[Items listed in a dataset]

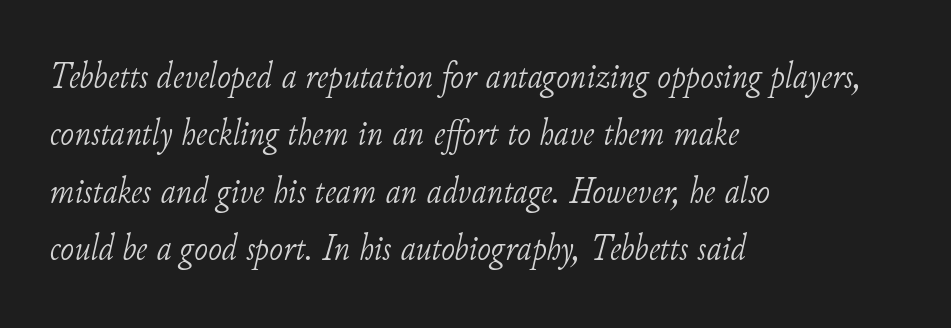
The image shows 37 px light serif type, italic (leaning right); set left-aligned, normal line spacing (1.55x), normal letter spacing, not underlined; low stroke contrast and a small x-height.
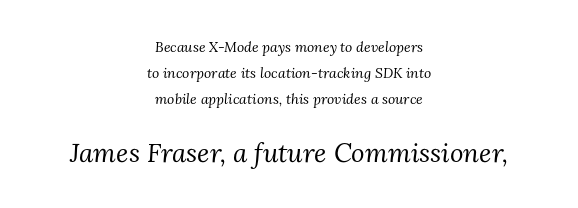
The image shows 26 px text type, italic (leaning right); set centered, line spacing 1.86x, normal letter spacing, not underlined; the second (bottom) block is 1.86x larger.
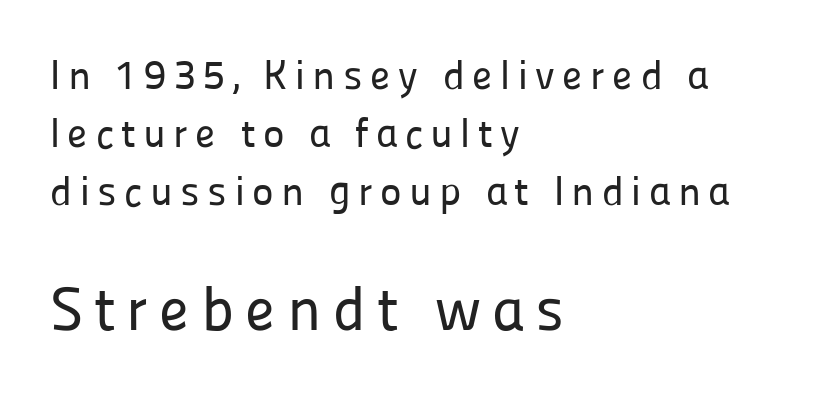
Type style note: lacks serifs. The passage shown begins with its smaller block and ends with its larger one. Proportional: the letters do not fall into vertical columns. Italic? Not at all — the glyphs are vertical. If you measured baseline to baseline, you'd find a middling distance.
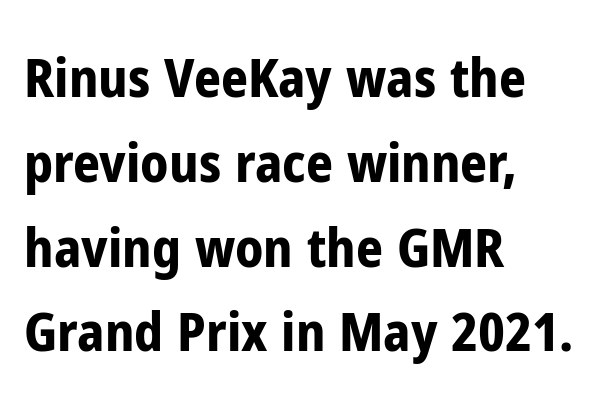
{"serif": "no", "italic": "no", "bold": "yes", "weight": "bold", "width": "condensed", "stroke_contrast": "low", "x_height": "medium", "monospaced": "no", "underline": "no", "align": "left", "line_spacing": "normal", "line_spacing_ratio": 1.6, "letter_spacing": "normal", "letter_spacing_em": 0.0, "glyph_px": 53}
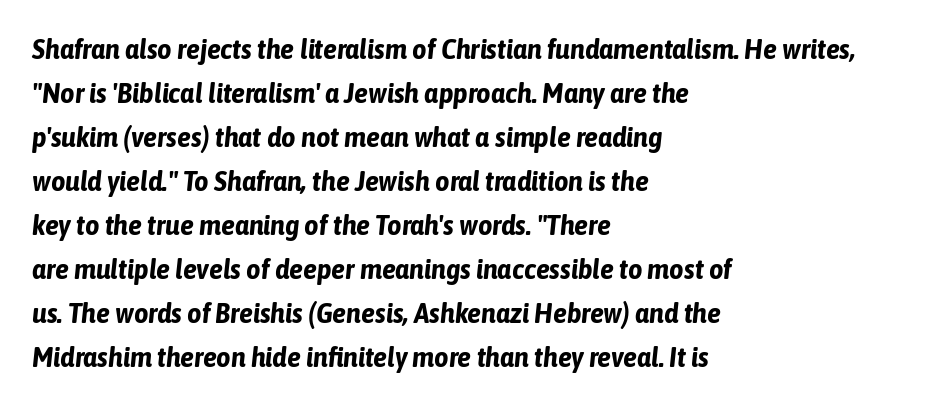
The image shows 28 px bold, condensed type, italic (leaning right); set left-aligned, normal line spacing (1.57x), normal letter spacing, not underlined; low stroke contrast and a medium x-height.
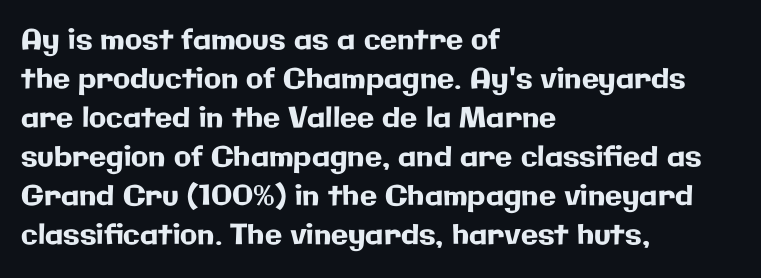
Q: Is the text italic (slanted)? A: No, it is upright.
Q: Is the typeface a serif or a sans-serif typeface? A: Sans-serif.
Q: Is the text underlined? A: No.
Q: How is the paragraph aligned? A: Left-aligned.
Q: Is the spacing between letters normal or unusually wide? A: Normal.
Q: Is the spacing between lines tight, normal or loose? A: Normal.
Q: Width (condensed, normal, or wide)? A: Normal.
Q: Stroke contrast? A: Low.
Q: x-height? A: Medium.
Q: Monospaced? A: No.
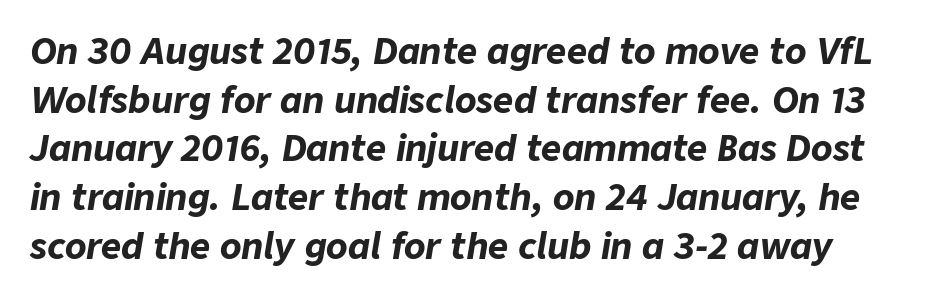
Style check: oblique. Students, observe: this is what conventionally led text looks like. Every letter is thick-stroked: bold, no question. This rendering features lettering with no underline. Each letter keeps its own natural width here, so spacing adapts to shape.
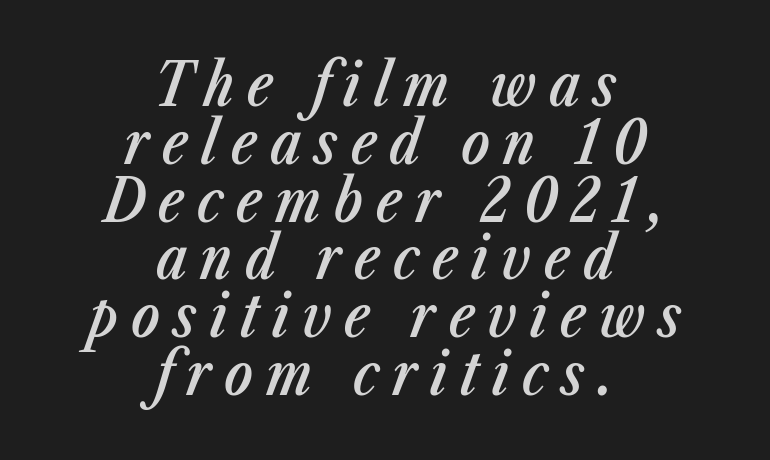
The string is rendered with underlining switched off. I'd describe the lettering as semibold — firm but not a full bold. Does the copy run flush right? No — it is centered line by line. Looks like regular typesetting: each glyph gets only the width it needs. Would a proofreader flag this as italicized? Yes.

* * *

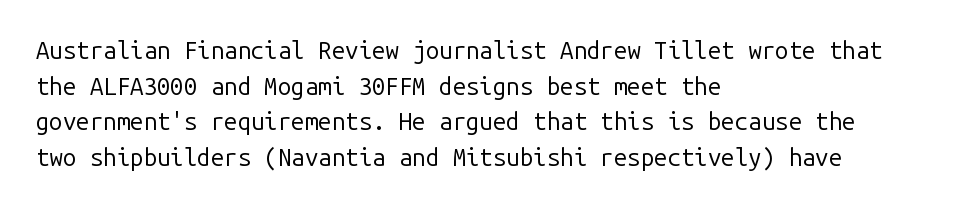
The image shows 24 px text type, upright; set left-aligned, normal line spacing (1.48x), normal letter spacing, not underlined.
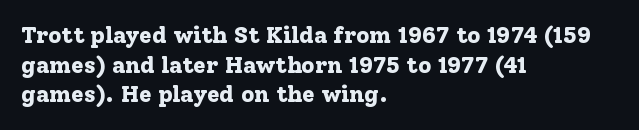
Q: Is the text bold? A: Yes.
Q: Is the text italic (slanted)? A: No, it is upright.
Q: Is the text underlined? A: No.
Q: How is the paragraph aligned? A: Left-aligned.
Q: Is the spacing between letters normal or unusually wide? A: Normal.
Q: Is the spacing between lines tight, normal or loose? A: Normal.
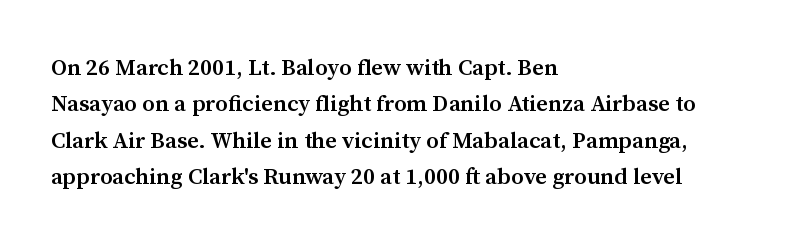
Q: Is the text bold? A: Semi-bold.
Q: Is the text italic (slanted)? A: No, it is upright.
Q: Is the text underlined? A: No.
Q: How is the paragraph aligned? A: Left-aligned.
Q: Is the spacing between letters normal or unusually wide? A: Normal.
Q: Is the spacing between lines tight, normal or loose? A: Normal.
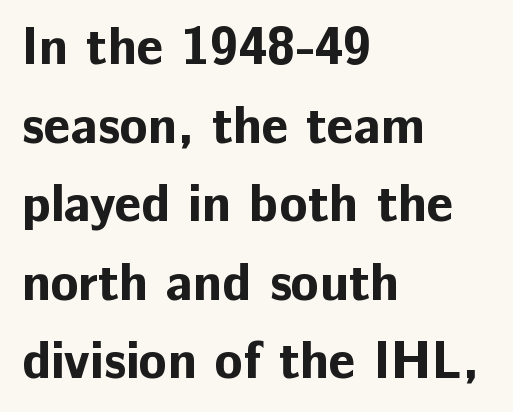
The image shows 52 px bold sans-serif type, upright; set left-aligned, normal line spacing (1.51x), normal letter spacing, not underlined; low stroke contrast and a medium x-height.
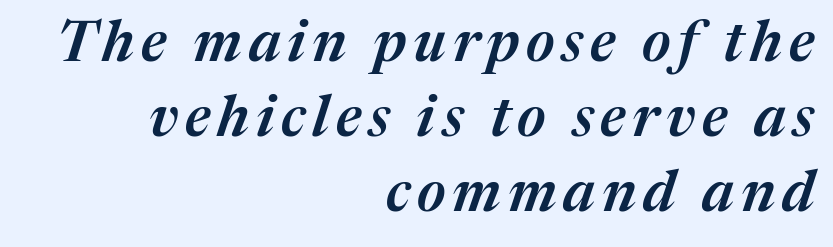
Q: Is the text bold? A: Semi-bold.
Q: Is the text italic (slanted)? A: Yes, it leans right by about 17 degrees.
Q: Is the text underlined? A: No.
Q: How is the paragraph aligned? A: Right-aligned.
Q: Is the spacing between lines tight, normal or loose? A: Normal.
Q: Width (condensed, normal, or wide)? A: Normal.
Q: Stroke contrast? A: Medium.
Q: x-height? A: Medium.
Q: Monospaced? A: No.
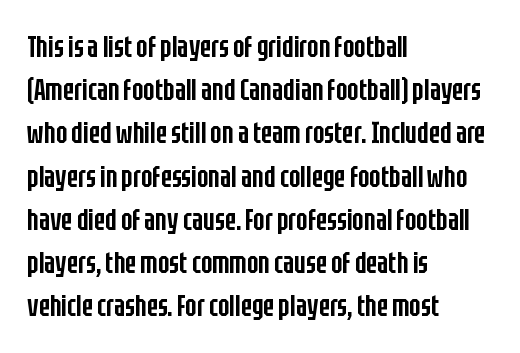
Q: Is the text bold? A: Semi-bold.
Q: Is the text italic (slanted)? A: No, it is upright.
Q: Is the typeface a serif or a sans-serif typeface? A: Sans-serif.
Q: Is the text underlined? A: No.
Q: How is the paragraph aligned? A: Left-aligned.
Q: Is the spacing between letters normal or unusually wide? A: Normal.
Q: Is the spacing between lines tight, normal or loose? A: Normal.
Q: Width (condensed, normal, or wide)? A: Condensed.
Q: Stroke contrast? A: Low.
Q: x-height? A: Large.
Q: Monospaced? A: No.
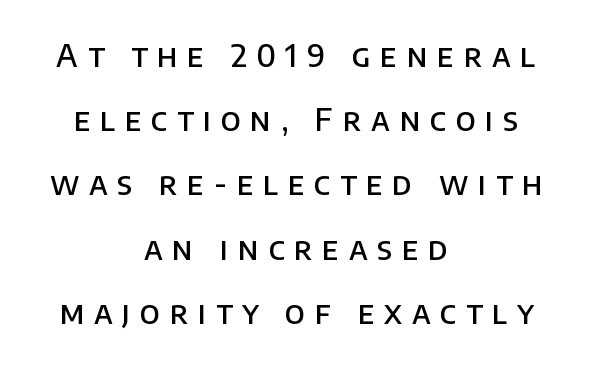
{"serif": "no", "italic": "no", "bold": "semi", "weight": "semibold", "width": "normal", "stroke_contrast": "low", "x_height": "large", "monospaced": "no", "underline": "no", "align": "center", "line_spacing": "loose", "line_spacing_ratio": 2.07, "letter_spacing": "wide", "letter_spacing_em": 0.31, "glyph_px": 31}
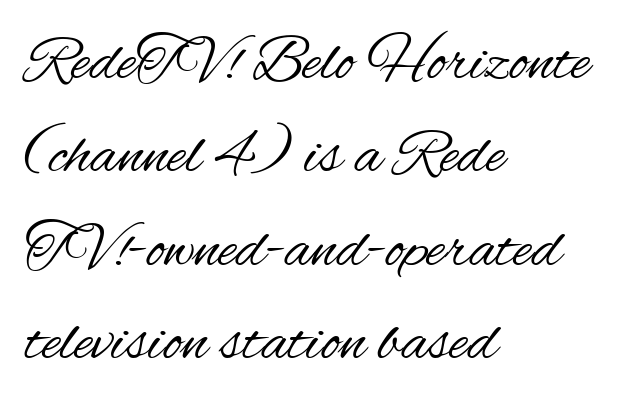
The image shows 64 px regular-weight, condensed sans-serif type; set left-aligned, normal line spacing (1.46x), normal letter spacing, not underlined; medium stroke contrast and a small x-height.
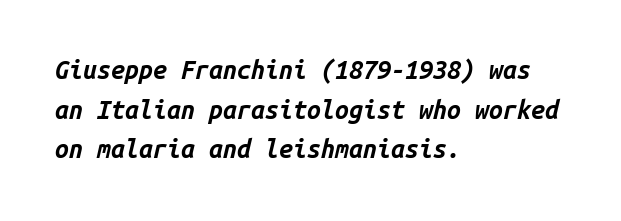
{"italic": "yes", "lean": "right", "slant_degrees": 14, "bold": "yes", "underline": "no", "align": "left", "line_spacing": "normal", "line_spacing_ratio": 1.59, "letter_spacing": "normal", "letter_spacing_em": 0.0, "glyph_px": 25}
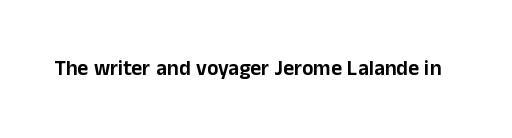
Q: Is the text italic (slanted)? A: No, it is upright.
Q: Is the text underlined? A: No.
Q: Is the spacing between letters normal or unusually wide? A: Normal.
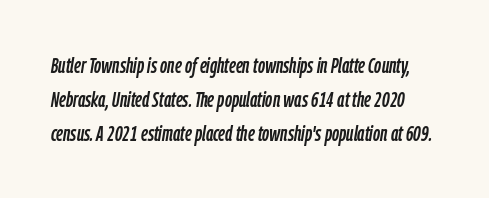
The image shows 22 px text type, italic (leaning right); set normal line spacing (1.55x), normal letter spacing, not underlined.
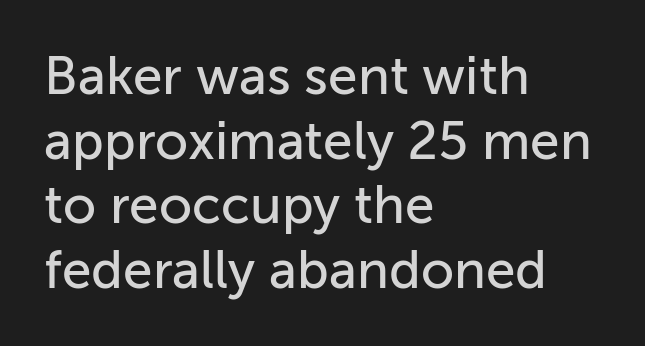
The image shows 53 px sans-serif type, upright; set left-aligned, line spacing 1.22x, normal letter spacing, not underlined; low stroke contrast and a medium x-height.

--

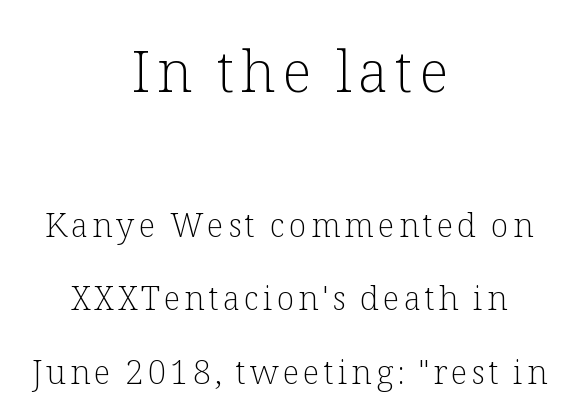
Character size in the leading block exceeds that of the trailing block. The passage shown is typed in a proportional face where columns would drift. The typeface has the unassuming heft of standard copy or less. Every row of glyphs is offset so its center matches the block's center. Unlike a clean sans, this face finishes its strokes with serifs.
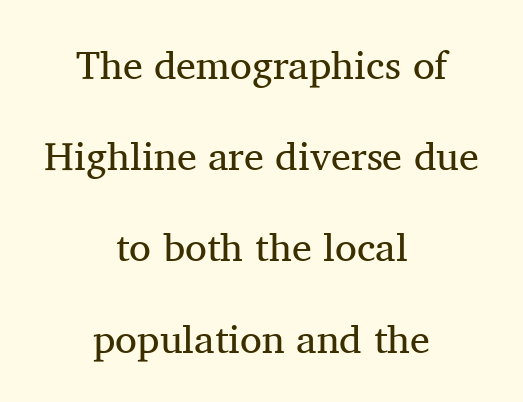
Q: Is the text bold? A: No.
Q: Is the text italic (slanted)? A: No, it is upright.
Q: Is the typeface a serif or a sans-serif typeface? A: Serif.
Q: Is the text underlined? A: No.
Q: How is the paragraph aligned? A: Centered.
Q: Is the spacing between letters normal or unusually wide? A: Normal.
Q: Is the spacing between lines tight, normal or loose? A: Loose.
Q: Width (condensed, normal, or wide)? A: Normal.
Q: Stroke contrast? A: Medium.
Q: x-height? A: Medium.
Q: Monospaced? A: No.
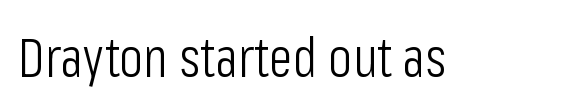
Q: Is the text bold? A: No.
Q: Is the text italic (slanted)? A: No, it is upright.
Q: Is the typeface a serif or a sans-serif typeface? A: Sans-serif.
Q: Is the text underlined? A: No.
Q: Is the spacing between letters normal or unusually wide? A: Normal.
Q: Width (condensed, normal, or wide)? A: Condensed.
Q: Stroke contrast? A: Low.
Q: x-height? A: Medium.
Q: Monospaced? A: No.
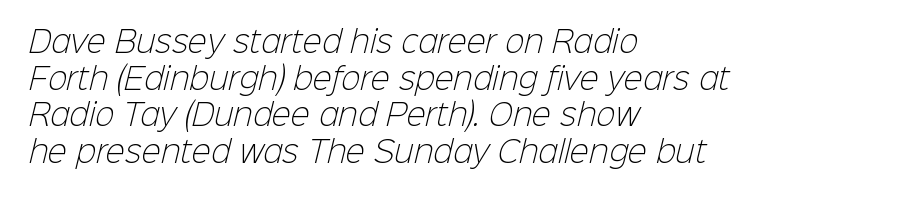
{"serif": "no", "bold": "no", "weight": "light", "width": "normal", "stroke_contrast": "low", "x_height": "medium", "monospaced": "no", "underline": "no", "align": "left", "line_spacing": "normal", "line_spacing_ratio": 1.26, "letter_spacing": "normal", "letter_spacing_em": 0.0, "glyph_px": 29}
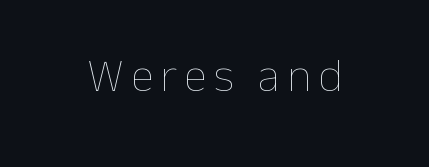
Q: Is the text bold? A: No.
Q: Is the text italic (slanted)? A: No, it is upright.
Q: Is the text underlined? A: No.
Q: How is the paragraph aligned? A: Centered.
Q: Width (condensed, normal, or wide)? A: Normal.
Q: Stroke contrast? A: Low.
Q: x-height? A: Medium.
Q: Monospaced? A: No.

* **Activity**
Quote the data above exactly from the line with "The image shows 37" to the line with "The image shows 26", both ends counted, and nothing else. Pictures don't go in.

* **Response to the exercise**
The image shows 37 px light serif type, italic (leaning right); set left-aligned, normal line spacing (1.55x), normal letter spacing, not underlined; low stroke contrast and a small x-height.
The image shows 26 px text type, italic (leaning right); set centered, line spacing 1.86x, normal letter spacing, not underlined; the second (bottom) block is 1.86x larger.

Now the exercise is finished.